Dulu Kaset Sekarang Streaming, Teknologi Apa yang Bakal Gantikan Spotify?

  • 13 Mar 2026 23:27 WIB
  •  Sungaipenuh

RRI.Co.ID, Sungai Penuh - Musik adalah bagian tak terpisahkan dari peradaban, namun cara kita mengonsumsinya selalu berubah mengikuti zaman. Generasi 80-an mungkin masih ingat sensasi memutar pita kaset dengan pensil, sementara Gen Z hari ini hanya butuh satu ketukan di layar ponsel untuk mengakses jutaan lagu.

Pergeseran ini bukan sekadar soal gaya, melainkan soal bagaimana teknologi mencoba menjawab kebutuhan manusia akan kualitas suara dan kemudahan akses.

Jauh sebelum algoritma menentukan daftar putar kita, piringan hitam atau vinyl adalah raja. Meski sempat dianggap “mati” saat CD dan MP3 muncul, vinyl justru mengalami kebangkitan luar biasa dalam satu dekade terakhir. Banyak kolektor muda memburunya karena kualitas suara analog yang di anggap lebih “hangat” dan autentik.
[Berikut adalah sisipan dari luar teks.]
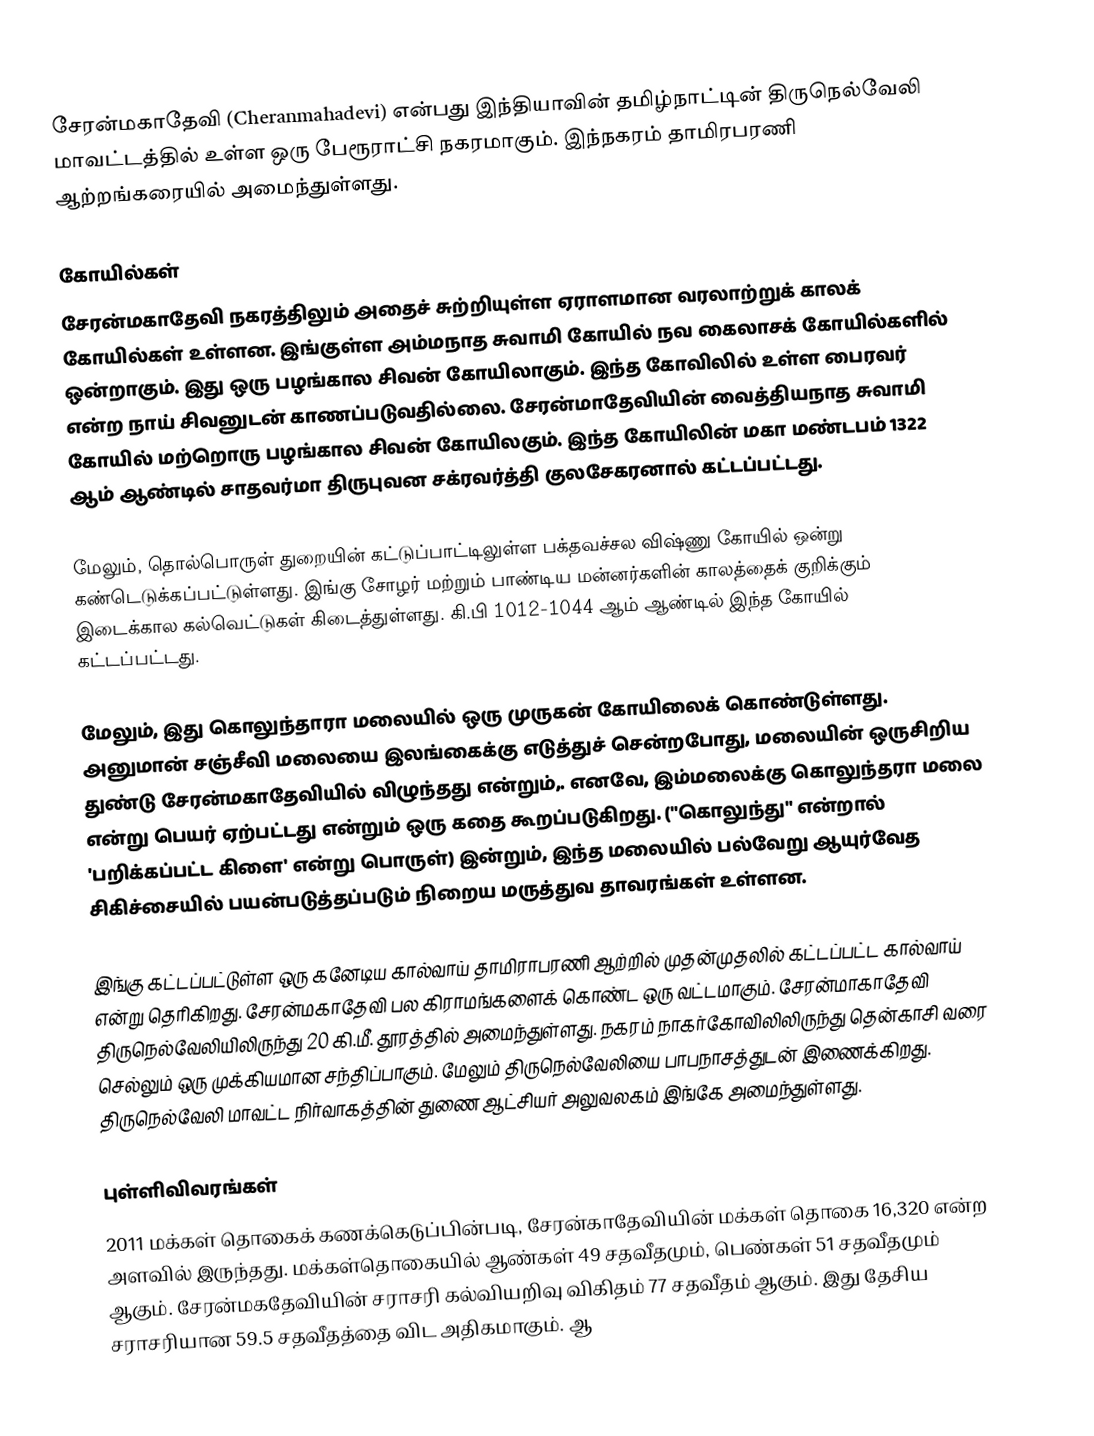
சேரன்மகாதேவி (Cheranmahadevi) என்பது இந்தியாவின் தமிழ்நாட்டின் திருநெல்வேலி மாவட்டத்தில் உள்ள ஒரு பேரூராட்சி நகரமாகும். இந்நகரம் தாமிரபரணி ஆற்றங்கரையில் அமைந்துள்ளது.

கோயில்கள்
சேரன்மகாதேவி நகரத்திலும் அதைச் சுற்றியுள்ள ஏராளமான வரலாற்றுக் காலக் கோயில்கள் உள்ளன. இங்குள்ள அம்மநாத சுவாமி கோயில் நவ கைலாசக் கோயில்களில் ஒன்றாகும். இது ஒரு பழங்கால சிவன் கோயிலாகும். இந்த கோவிலில் உள்ள பைரவர் என்ற நாய்  சிவனுடன் காணப்படுவதில்லை. சேரன்மாதேவியின் வைத்தியநாத சுவாமி கோயில் மற்றொரு பழங்கால சிவன் கோயிலகும். இந்த கோயிலின் மகா மண்டபம் 1322 ஆம் ஆண்டில் சாதவர்மா திருபுவன சக்ரவர்த்தி குலசேகரனால் கட்டப்பட்டது.

மேலும், தொல்பொருள் துறையின் கட்டுப்பாட்டிலுள்ள பக்தவச்சல விஷ்ணு கோயில் ஒன்று கண்டெடுக்கப்பட்டுள்ளது. இங்கு சோழர் மற்றும் பாண்டிய மன்னர்களின் காலத்தைக் குறிக்கும் இடைக்கால கல்வெட்டுகள் கிடைத்துள்ளது. கி.பி 1012-1044 ஆம் ஆண்டில் இந்த கோயில் கட்டப்பட்டது.

மேலும், இது கொலுந்தாரா மலையில் ஒரு முருகன் கோயிலைக் கொண்டுள்ளது. அனுமான் சஞ்சீவி மலையை இலங்கைக்கு எடுத்துச் சென்றபோது, மலையின் ஒருசிறிய துண்டு சேரன்மகாதேவியில் விழுந்தது என்றும்,. எனவே, இம்மலைக்கு கொலுந்தரா மலை என்று பெயர் ஏற்பட்டது என்றும் ஒரு கதை கூறப்படுகிறது. ("கொலுந்து" என்றால் 'பறிக்கப்பட்ட கிளை' என்று பொருள்) இன்றும், இந்த மலையில் பல்வேறு ஆயுர்வேத சிகிச்சையில் பயன்படுத்தப்படும் நிறைய மருத்துவ தாவரங்கள் உள்ளன.

இங்கு கட்டப்பட்டுள்ள ஒரு கனேடிய கால்வாய் தாமிராபரணி ஆற்றில் முதன்முதலில் கட்டப்பட்ட கால்வாய் என்று  தெரிகிறது. சேரன்மகாதேவி பல கிராமங்களைக் கொண்ட ஒரு வட்டமாகும். சேரன்மாகாதேவி திருநெல்வேலியிலிருந்து 20 கி.மீ. தூரத்தில் அமைந்துள்ளது. நகரம் நாகர்கோவிலிலிருந்து தென்காசி வரை செல்லும் ஒரு முக்கியமான சந்திப்பாகும். மேலும் திருநெல்வேலியை பாபநாசத்துடன் இணைக்கிறது. திருநெல்வேலி மாவட்ட நிர்வாகத்தின் துணை ஆட்சியர் அலுவலகம் இங்கே அமைந்துள்ளது.

புள்ளிவிவரங்கள்
2011 மக்கள் தொகைக் கணக்கெடுப்பின்படி, சேரன்காதேவியின் மக்கள் தொகை 16,320 என்ற அளவில் இருந்தது. மக்கள்தொகையில் ஆண்கள் 49 சதவீதமும், பெண்கள் 51 சதவீதமும் ஆகும். சேரன்மகதேவியின் சராசரி கல்வியறிவு விகிதம் 77 சதவீதம் ஆகும். இது தேசிய சராசரியான 59.5 சதவீதத்தை விட அதிகமாகும். ஆ
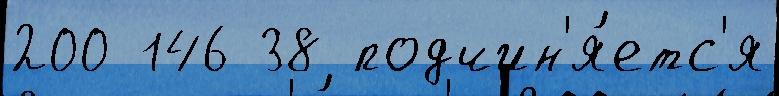
200 146 38 подчин'я́етс'я
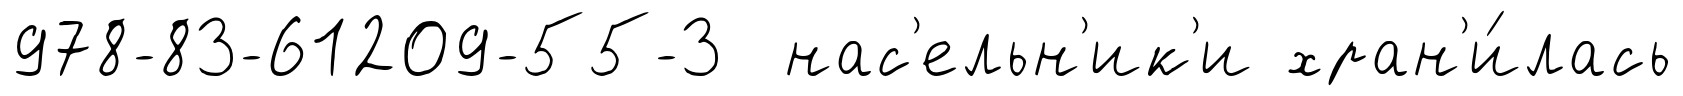
978-83-61209-55-3 нас'ельн'ик'и хран'и́лась
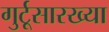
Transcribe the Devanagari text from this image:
गुर्टूसारख्या
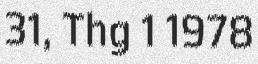
31, Thg 1 1978
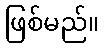
ဖြစ်မည်။
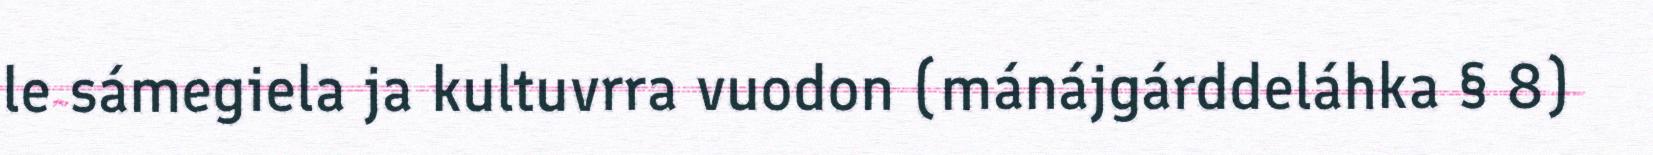
le sámegiela ja kultuvrra vuodon (mánájgárddeláhka § 8)
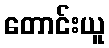
တောင်းယူ
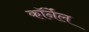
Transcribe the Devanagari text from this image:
कॉर्नेंल
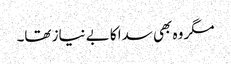
مگر وہ بھی سدا کا بے نیاز تھا۔
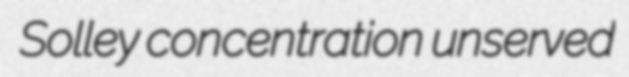
Solley concentration unserved
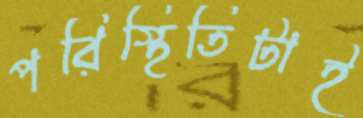
পরিস্থিতিটাই
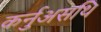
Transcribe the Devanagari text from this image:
कर्नुअसथि

Setelah era vinyl, dunia sempat jatuh cinta pada CD yang menawarkan kejernihan suara tanpa gangguan kresek. Namun, kejayaan fisik mulai goyah saat teknologi kompresi audio bernama MP3 lahir, yang memungkinkan ribuan lagu masuk ke dalam kantong celana.

Hari ini, kita berada di puncak era streaming. Kepemilikan lagu secara fisik sudah menjadi barang mewah atau sekadar hobi koleksi. Layanan seperti Spotify, Apple Music, hingga YouTube Music membuat musik menjadi sangat demokratis.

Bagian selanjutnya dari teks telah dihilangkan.